- **TASK DIRECTIONS**
The listing below must be repeated word for word, without its pictures.

- **SUPPLIED RECORDS**
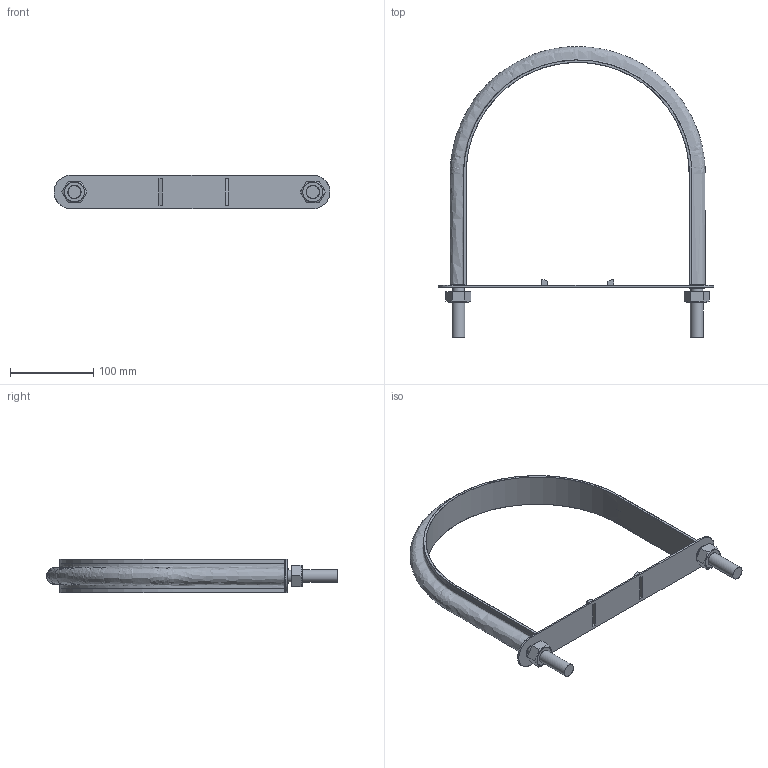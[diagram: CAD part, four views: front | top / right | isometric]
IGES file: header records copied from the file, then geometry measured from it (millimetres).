
Start section: Missler Software BP 521, 31674 Labege Cedex, France Tel   : +33 (0)5 61 00 03 00 Fax   : +33 (0)5 61 00 03 03 Email : 
Global section: file name: 250SU.igs; native system: TopSolid v606238 Missler Software; preprocessor: IGES preprocessor v100000; author: N.shouichi; organization: コダマコーポレーション株式会社,10,7,13H220614; date: 220614.154409; units: millimetre
Bounding box: 331 x 349.1 x 40 mm (x, y, z)
Surface area: 180768.5 mm2 (no closed solid volume)
Topology: 0 solids, 0 shells, 95 faces, 1178 edges, 1168 vertices
Faces by surface type: bspline 95
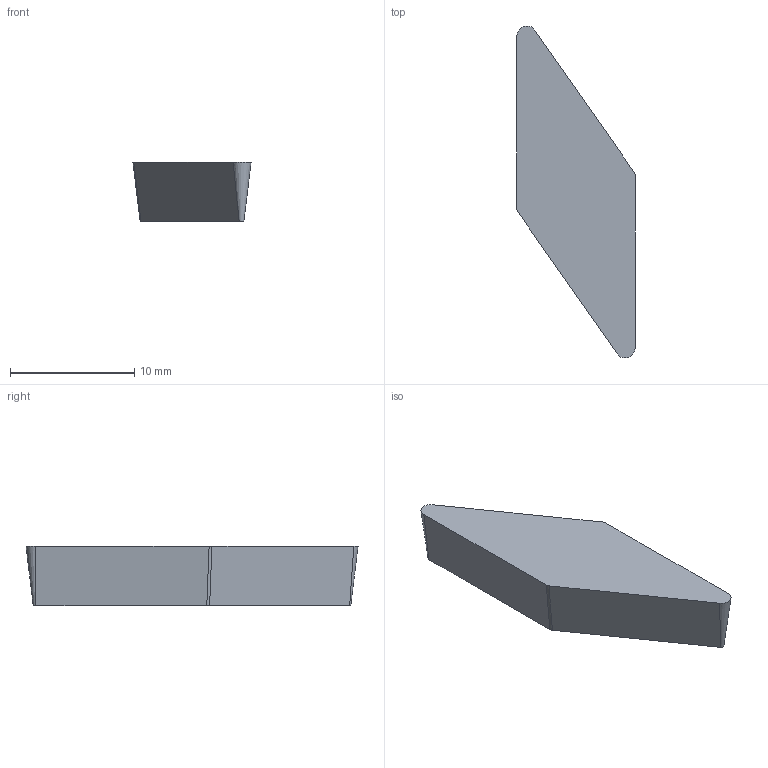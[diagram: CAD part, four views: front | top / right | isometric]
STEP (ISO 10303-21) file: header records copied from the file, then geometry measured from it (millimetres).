
FILE_DESCRIPTION(/* description */ (''),/* implementation_level */ '2;1');
FILE_NAME(/* name */ 'aaa339383_a.stp',/* time_stamp */ '2019-09-25T15:15:17+02:00',/* author */ (''),/* organization */ ('SMS'),/* preprocessor_version */ 'ST-DEVELOPER v16.7',/* originating_system */ 'SIEMENS PLM Software NX 12.0',/* authorisation */ '');
FILE_SCHEMA (('AUTOMOTIVE_DESIGN { 1 0 10303 214 3 1 1 1 }'));
Length unit declared in the file: millimetre
Products named in the file (1): AAA339383_A
Bounding box: 9.53 x 26.76 x 4.76 mm (x, y, z)
Volume: 659.2 mm3; surface area: 557.9 mm2
Topology: 1 solids, 1 shells, 10 faces, 25 edges, 19 vertices
Faces by surface type: plane 6, cone 2, cylinder 2
Entity records: 421 total; most frequent: CARTESIAN_POINT 118, DIRECTION 58, ORIENTED_EDGE 48, EDGE_CURVE 24, AXIS2_PLACEMENT_3D 21, VERTEX_POINT 16, LINE 16, VECTOR 16
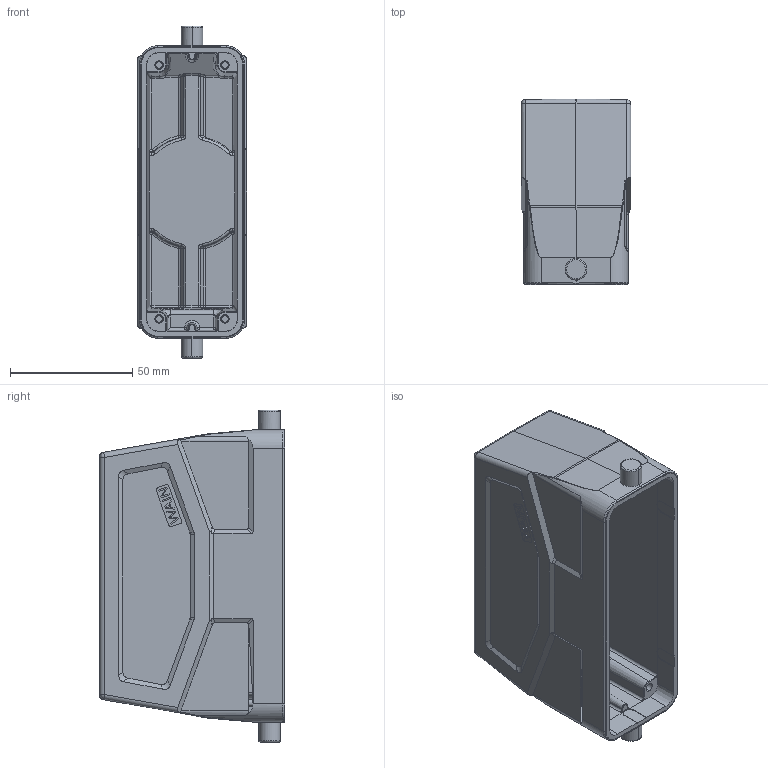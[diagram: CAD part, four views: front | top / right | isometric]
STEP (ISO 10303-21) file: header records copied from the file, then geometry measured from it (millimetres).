
FILE_DESCRIPTION((''),'2;1');
FILE_NAME('3D_1111245105001_W24B-SEH-2B-M3','2023-12-06T',('p.yu'),(''),'PRO/ENGINEER BY PARAMETRIC TECHNOLOGY CORPORATION, 2012480','PRO/ENGINEER BY PARAMETRIC TECHNOLOGY CORPORATION, 2012480','');
FILE_SCHEMA(('CONFIG_CONTROL_DESIGN'));
Length unit declared in the file: millimetre
Products named in the file (1): 3D_1111245105001_W24B-SEH-2B-M3
Bounding box: 45 x 76 x 136 mm (x, y, z)
Volume: 98566.2 mm3; surface area: 52859.5 mm2
Topology: 1 solids, 1 shells, 524 faces, 1356 edges, 835 vertices
Faces by surface type: plane 224, cylinder 157, bspline 58, torus 28, sphere 23, extrusion 20, cone 14
Entity records: 19504 total; most frequent: CARTESIAN_POINT 7493, ORIENTED_EDGE 2666, DIRECTION 2209, EDGE_CURVE 1333, VERTEX_POINT 835, VECTOR 741, AXIS2_PLACEMENT_3D 734, LINE 721

- **RESPONSE TO THE TASK**
[diagram: CAD part, four views: front | top / right | isometric]
IGES file: header records copied from the file, then geometry measured from it (millimetres).
Start section: Missler Software BP 521, 31674 Labege Cedex, France Tel   : +33 (0)5 61 00 03 00 Fax   : +33 (0)5 61 00 03 03 Email : 
Global section: file name: 250SU.igs; native system: TopSolid v606238 Missler Software; preprocessor: IGES preprocessor v100000; author: N.shouichi; organization: コダマコーポレーション株式会社,10,7,13H220614; date: 220614.154409; units: millimetre
Bounding box: 331 x 349.1 x 40 mm (x, y, z)
Surface area: 180768.5 mm2 (no closed solid volume)
Topology: 0 solids, 0 shells, 95 faces, 1178 edges, 1168 vertices
Faces by surface type: bspline 95
[diagram: CAD part, four views: front | top / right | isometric]
STEP (ISO 10303-21) file: header records copied from the file, then geometry measured from it (millimetres).
FILE_DESCRIPTION(/* description */ (''),/* implementation_level */ '2;1');
FILE_NAME(/* name */ 'aaa339383_a.stp',/* time_stamp */ '2019-09-25T15:15:17+02:00',/* author */ (''),/* organization */ ('SMS'),/* preprocessor_version */ 'ST-DEVELOPER v16.7',/* originating_system */ 'SIEMENS PLM Software NX 12.0',/* authorisation */ '');
FILE_SCHEMA (('AUTOMOTIVE_DESIGN { 1 0 10303 214 3 1 1 1 }'));
Length unit declared in the file: millimetre
Products named in the file (1): AAA339383_A
Bounding box: 9.53 x 26.76 x 4.76 mm (x, y, z)
Volume: 659.2 mm3; surface area: 557.9 mm2
Topology: 1 solids, 1 shells, 10 faces, 25 edges, 19 vertices
Faces by surface type: plane 6, cone 2, cylinder 2
Entity records: 421 total; most frequent: CARTESIAN_POINT 118, DIRECTION 58, ORIENTED_EDGE 48, EDGE_CURVE 24, AXIS2_PLACEMENT_3D 21, VERTEX_POINT 16, LINE 16, VECTOR 16
[diagram: CAD part, four views: front | top / right | isometric]
STEP (ISO 10303-21) file: header records copied from the file, then geometry measured from it (millimetres).
FILE_DESCRIPTION((''),'2;1');
FILE_NAME('3D_1111245105001_W24B-SEH-2B-M3','2023-12-06T',('p.yu'),(''),'PRO/ENGINEER BY PARAMETRIC TECHNOLOGY CORPORATION, 2012480','PRO/ENGINEER BY PARAMETRIC TECHNOLOGY CORPORATION, 2012480','');
FILE_SCHEMA(('CONFIG_CONTROL_DESIGN'));
Length unit declared in the file: millimetre
Products named in the file (1): 3D_1111245105001_W24B-SEH-2B-M3
Bounding box: 45 x 76 x 136 mm (x, y, z)
Volume: 98566.2 mm3; surface area: 52859.5 mm2
Topology: 1 solids, 1 shells, 524 faces, 1356 edges, 835 vertices
Faces by surface type: plane 224, cylinder 157, bspline 58, torus 28, sphere 23, extrusion 20, cone 14
Entity records: 19504 total; most frequent: CARTESIAN_POINT 7493, ORIENTED_EDGE 2666, DIRECTION 2209, EDGE_CURVE 1333, VERTEX_POINT 835, VECTOR 741, AXIS2_PLACEMENT_3D 734, LINE 721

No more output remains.